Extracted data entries
╔══

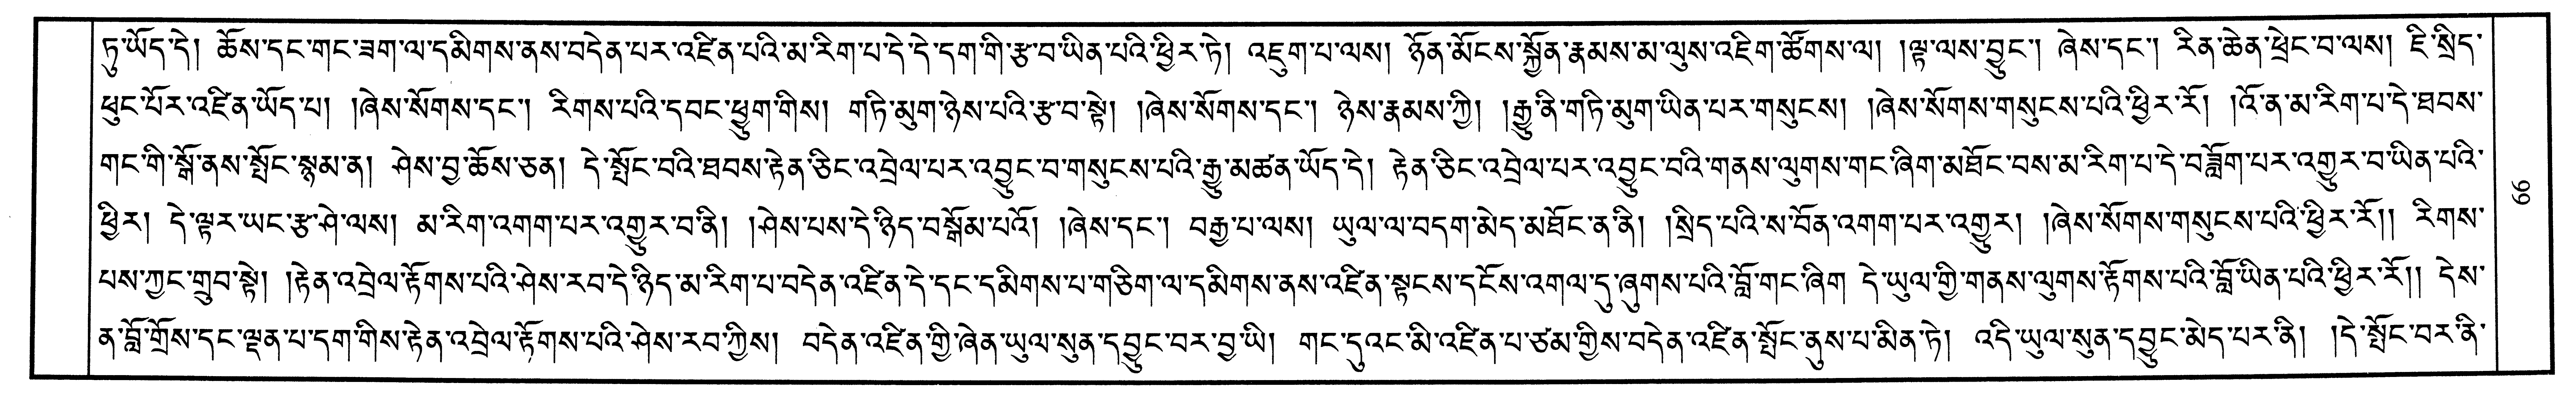ཏུ་ཡོད་དེ། ཆོས་དང་གང་ཟག་ལ་དམིགས་ནས་བདེན་པར་འཛིན་པའི་མ་རིག་པ་དེ་དེ་དག་གི་རྩ་བ་ཡིན་པའི་ཕྱིར་ཏེ། འཇུག་པ་ལས། ཉོན་མོངས་སྐྱོན་རྣམས་མ་ལུས་འཇིག་ཚོགས་ལ། །ལྟ་ལས་བྱུང་། ཞེས་དང་། རིན་ཆེན་ཕྲེང་བ་ལས། ཇི་སྲིད་
ཕུང་པོར་འཛིན་ཡོད་པ། །ཞེས་སོགས་དང་། རིགས་པའི་དབང་ཕྱུག་གིས། གཏི་མུག་ཉེས་པའི་རྩ་བ་སྟེ། །ཞེས་སོགས་དང་། ཉེས་རྣམས་ཀྱི། །རྒྱུ་ནི་གཏི་མུག་ཡིན་པར་གསུངས། །ཞེས་སོགས་གསུངས་པའི་ཕྱིར་རོ། །འོ་ན་མ་རིག་པ་དེ་ཐབས་
གང་གི་སྒོ་ནས་སྤོང་སྙམ་ན། ཤེས་བྱ་ཆོས་ཅན། དེ་སྤོང་བའི་ཐབས་རྟེན་ཅིང་འབྲེལ་པར་འབྱུང་བ་གསུངས་པའི་རྒྱུ་མཚན་ཡོད་དེ། རྟེན་ཅིང་འབྲེལ་པར་འབྱུང་བའི་གནས་ལུགས་གང་ཞིག་མཐོང་བས་མ་རིག་པ་དེ་བཟློག་པར་འགྱུར་བ་ཡིན་པའི་
ཕྱིར། དེ་ལྟར་ཡང་རྩ་ཤེ་ལས། མ་རིག་འགག་པར་འགྱུར་བ་ནི། །ཤེས་པས་དེ་ཉིད་བསྒོམ་པའོ། །ཞེས་དང་། བརྒྱ་པ་ལས། ཡུལ་ལ་བདག་མེད་མཐོང་ན་ནི། །སྲིད་པའི་ས་བོན་འགག་པར་འགྱུར། །ཞེས་སོགས་གསུངས་པའི་ཕྱིར་རོ།། རིགས་
པས་ཀྱང་གྲུབ་སྟེ། །རྟེན་འབྲེལ་རྟོགས་པའི་ཤེས་རབ་དེ་ཉིད་མ་རིག་པ་བདེན་འཛིན་དེ་དང་དམིགས་པ་གཅིག་ལ་དམིགས་ནས་འཛིན་སྟངས་དངོས་འགལ་དུ་ཞུགས་པའི་བློ་གང་ཞིག །དེ་ཡུལ་གྱི་གནས་ལུགས་རྟོགས་པའི་བློ་ཡིན་པའི་ཕྱིར་རོ།། དེས་
ན་བློ་གྲོས་དང་ལྡན་པ་དག་གིས་རྟེན་འབྲེལ་རྟོགས་པའི་ཤེས་རབ་ཀྱིས། བདེན་འཛིན་གྱི་ཞེན་ཡུལ་སུན་དབྱུང་བར་བྱ་ཡི། གང་དུའང་མི་འཛིན་པ་ཙམ་གྱིས་བདེན་འཛིན་སྤོང་ནུས་པ་མིན་ཏེ། འདི་ཡུལ་སུན་དབྱུང་མེད་པར་ནི། །དེ་སྤོང་བར་ནི་

╚══

(The task):
Provide an exact transcript of the lines from the one that holds "ཕྱིར། དེ་ལྟར་ཡང་རྩ་ཤེ་ལས། མ་རིག་འགག་པར་འགྱུར་བ་ནི།" through the final line of the data above.

(Your solution):
ཕྱིར། དེ་ལྟར་ཡང་རྩ་ཤེ་ལས། མ་རིག་འགག་པར་འགྱུར་བ་ནི། །ཤེས་པས་དེ་ཉིད་བསྒོམ་པའོ། །ཞེས་དང་། བརྒྱ་པ་ལས། ཡུལ་ལ་བདག་མེད་མཐོང་ན་ནི། །སྲིད་པའི་ས་བོན་འགག་པར་འགྱུར། །ཞེས་སོགས་གསུངས་པའི་ཕྱིར་རོ།། རིགས་
པས་ཀྱང་གྲུབ་སྟེ། །རྟེན་འབྲེལ་རྟོགས་པའི་ཤེས་རབ་དེ་ཉིད་མ་རིག་པ་བདེན་འཛིན་དེ་དང་དམིགས་པ་གཅིག་ལ་དམིགས་ནས་འཛིན་སྟངས་དངོས་འགལ་དུ་ཞུགས་པའི་བློ་གང་ཞིག །དེ་ཡུལ་གྱི་གནས་ལུགས་རྟོགས་པའི་བློ་ཡིན་པའི་ཕྱིར་རོ།། དེས་
ན་བློ་གྲོས་དང་ལྡན་པ་དག་གིས་རྟེན་འབྲེལ་རྟོགས་པའི་ཤེས་རབ་ཀྱིས། བདེན་འཛིན་གྱི་ཞེན་ཡུལ་སུན་དབྱུང་བར་བྱ་ཡི། གང་དུའང་མི་འཛིན་པ་ཙམ་གྱིས་བདེན་འཛིན་སྤོང་ནུས་པ་མིན་ཏེ། འདི་ཡུལ་སུན་དབྱུང་མེད་པར་ནི། །དེ་སྤོང་བར་ནི་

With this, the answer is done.